## TASK OBJECTIVE
Would it be possible to quote, exactly and in full, the lines from the one with "share of the ground: > 75 %" through the end of the entries below?
++++ SUPPLIED ENTRIES
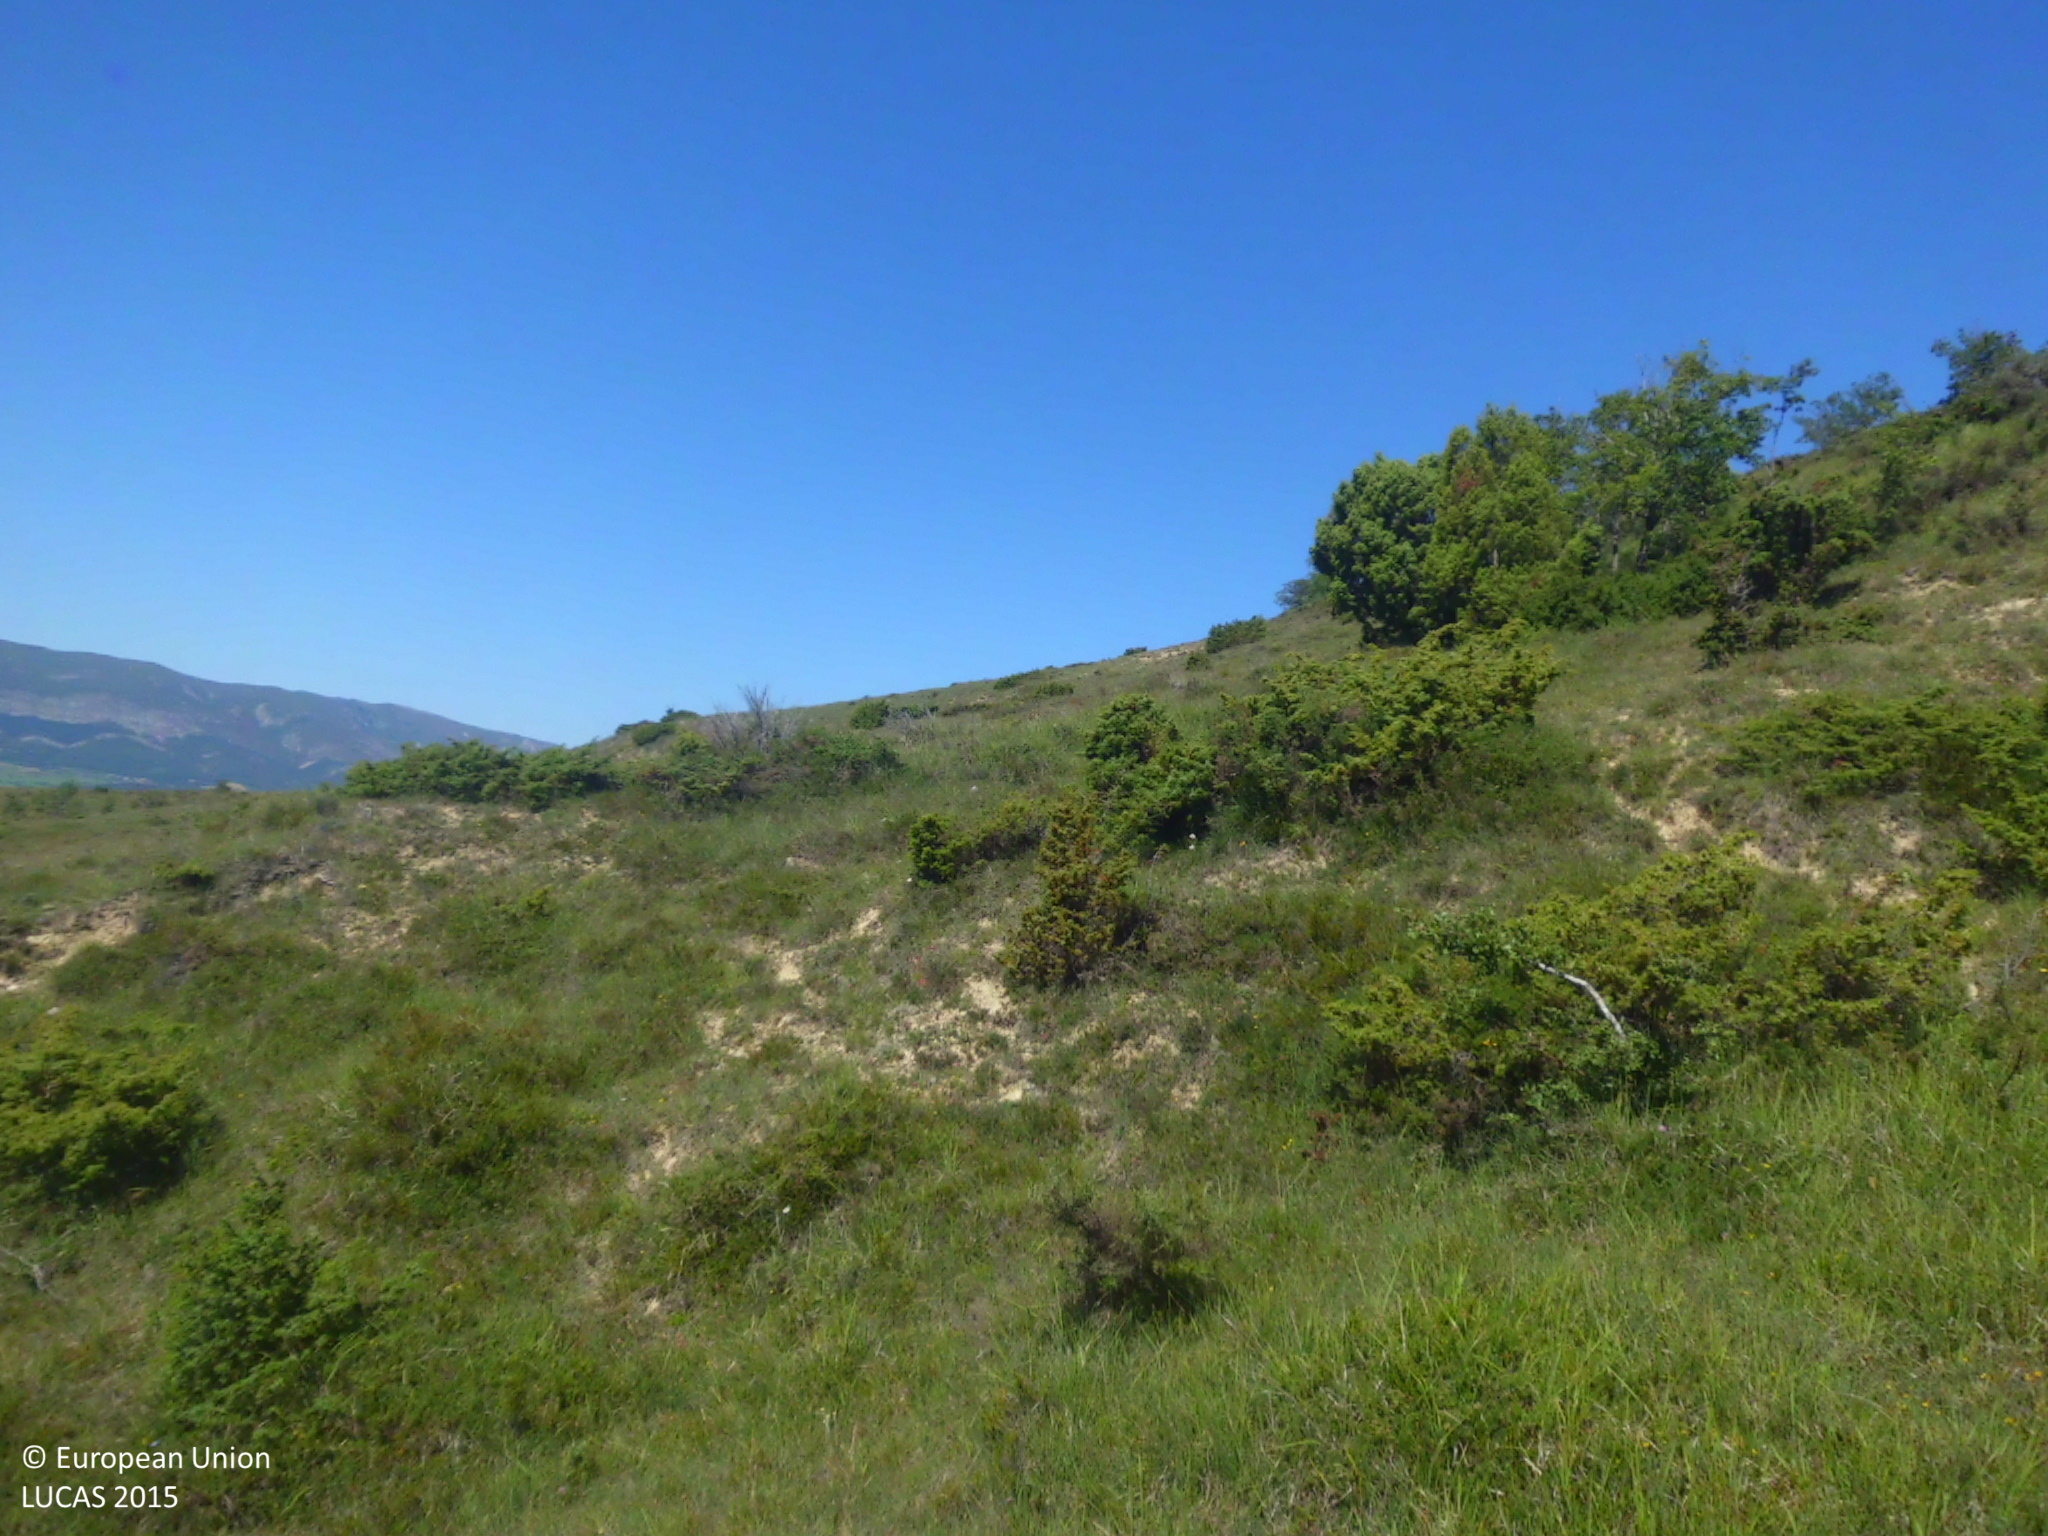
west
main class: Grassland
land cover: Grassland with sparse tree/shrub cover
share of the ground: > 75 %
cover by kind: herbaceous plants 85 %, broadleaved forest trees 5 %, shrubs 5 %, consolidated bare surface 5 %
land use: Agriculture (excluding fallow land and kitchen gardens)
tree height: < 5 m
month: June
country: ES
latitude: 42.9073
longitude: -3.4253
++++++++
## SOLUTION FOR THIS TASK
share of the ground: > 75 %
cover by kind: herbaceous plants 85 %, broadleaved forest trees 5 %, shrubs 5 %, consolidated bare surface 5 %
land use: Agriculture (excluding fallow land and kitchen gardens)
tree height: < 5 m
month: June
country: ES
latitude: 42.9073
longitude: -3.4253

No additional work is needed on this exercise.